◆ SOURCE RECORDS:
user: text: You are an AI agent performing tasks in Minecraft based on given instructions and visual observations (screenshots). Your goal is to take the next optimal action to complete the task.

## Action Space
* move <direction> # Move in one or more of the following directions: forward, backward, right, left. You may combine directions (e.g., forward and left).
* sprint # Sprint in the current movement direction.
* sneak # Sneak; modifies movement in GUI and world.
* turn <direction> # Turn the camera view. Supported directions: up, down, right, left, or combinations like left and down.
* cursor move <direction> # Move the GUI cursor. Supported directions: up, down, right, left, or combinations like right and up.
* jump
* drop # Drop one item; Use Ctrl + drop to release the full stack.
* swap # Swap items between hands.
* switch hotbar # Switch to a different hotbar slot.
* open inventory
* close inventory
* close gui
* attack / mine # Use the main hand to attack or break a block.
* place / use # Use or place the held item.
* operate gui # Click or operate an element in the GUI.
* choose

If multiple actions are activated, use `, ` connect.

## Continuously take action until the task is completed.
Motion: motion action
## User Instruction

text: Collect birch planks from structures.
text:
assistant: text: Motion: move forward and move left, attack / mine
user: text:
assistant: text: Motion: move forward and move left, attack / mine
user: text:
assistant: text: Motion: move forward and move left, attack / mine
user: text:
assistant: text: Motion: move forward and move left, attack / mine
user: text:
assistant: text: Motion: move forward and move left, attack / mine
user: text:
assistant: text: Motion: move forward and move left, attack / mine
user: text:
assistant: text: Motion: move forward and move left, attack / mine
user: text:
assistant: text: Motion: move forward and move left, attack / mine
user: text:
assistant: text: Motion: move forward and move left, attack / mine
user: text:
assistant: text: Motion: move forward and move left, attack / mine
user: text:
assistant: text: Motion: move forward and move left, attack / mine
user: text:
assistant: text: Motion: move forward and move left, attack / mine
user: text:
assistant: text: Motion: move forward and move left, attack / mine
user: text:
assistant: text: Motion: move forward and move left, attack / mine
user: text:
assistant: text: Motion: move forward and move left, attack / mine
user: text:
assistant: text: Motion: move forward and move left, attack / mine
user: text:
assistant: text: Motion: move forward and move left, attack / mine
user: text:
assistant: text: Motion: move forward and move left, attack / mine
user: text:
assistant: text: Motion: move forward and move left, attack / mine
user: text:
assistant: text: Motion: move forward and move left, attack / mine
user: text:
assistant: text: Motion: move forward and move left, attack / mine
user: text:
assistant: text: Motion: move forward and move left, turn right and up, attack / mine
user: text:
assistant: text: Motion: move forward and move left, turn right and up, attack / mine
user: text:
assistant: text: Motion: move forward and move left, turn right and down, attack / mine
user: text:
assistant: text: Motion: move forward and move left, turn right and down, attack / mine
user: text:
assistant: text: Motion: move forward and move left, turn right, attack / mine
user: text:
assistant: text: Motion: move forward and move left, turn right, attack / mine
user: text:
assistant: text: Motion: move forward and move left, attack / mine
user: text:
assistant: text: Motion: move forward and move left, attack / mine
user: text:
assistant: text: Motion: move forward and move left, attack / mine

◆ EXERCISE AIM: Word for word, copy out the records.

◆ EXERCISE RESULT:
user: text: You are an AI agent performing tasks in Minecraft based on given instructions and visual observations (screenshots). Your goal is to take the next optimal action to complete the task.

## Action Space
* move <direction> # Move in one or more of the following directions: forward, backward, right, left. You may combine directions (e.g., forward and left).
* sprint # Sprint in the current movement direction.
* sneak # Sneak; modifies movement in GUI and world.
* turn <direction> # Turn the camera view. Supported directions: up, down, right, left, or combinations like left and down.
* cursor move <direction> # Move the GUI cursor. Supported directions: up, down, right, left, or combinations like right and up.
* jump
* drop # Drop one item; Use Ctrl + drop to release the full stack.
* swap # Swap items between hands.
* switch hotbar # Switch to a different hotbar slot.
* open inventory
* close inventory
* close gui
* attack / mine # Use the main hand to attack or break a block.
* place / use # Use or place the held item.
* operate gui # Click or operate an element in the GUI.
* choose

If multiple actions are activated, use `, ` connect.

## Continuously take action until the task is completed.
Motion: motion action
## User Instruction

text: Collect birch planks from structures.
text:
assistant: text: Motion: move forward and move left, attack / mine
user: text:
assistant: text: Motion: move forward and move left, attack / mine
user: text:
assistant: text: Motion: move forward and move left, attack / mine
user: text:
assistant: text: Motion: move forward and move left, attack / mine
user: text:
assistant: text: Motion: move forward and move left, attack / mine
user: text:
assistant: text: Motion: move forward and move left, attack / mine
user: text:
assistant: text: Motion: move forward and move left, attack / mine
user: text:
assistant: text: Motion: move forward and move left, attack / mine
user: text:
assistant: text: Motion: move forward and move left, attack / mine
user: text:
assistant: text: Motion: move forward and move left, attack / mine
user: text:
assistant: text: Motion: move forward and move left, attack / mine
user: text:
assistant: text: Motion: move forward and move left, attack / mine
user: text:
assistant: text: Motion: move forward and move left, attack / mine
user: text:
assistant: text: Motion: move forward and move left, attack / mine
user: text:
assistant: text: Motion: move forward and move left, attack / mine
user: text:
assistant: text: Motion: move forward and move left, attack / mine
user: text:
assistant: text: Motion: move forward and move left, attack / mine
user: text:
assistant: text: Motion: move forward and move left, attack / mine
user: text:
assistant: text: Motion: move forward and move left, attack / mine
user: text:
assistant: text: Motion: move forward and move left, attack / mine
user: text:
assistant: text: Motion: move forward and move left, attack / mine
user: text:
assistant: text: Motion: move forward and move left, turn right and up, attack / mine
user: text:
assistant: text: Motion: move forward and move left, turn right and up, attack / mine
user: text:
assistant: text: Motion: move forward and move left, turn right and down, attack / mine
user: text:
assistant: text: Motion: move forward and move left, turn right and down, attack / mine
user: text:
assistant: text: Motion: move forward and move left, turn right, attack / mine
user: text:
assistant: text: Motion: move forward and move left, turn right, attack / mine
user: text:
assistant: text: Motion: move forward and move left, attack / mine
user: text:
assistant: text: Motion: move forward and move left, attack / mine
user: text:
assistant: text: Motion: move forward and move left, attack / mine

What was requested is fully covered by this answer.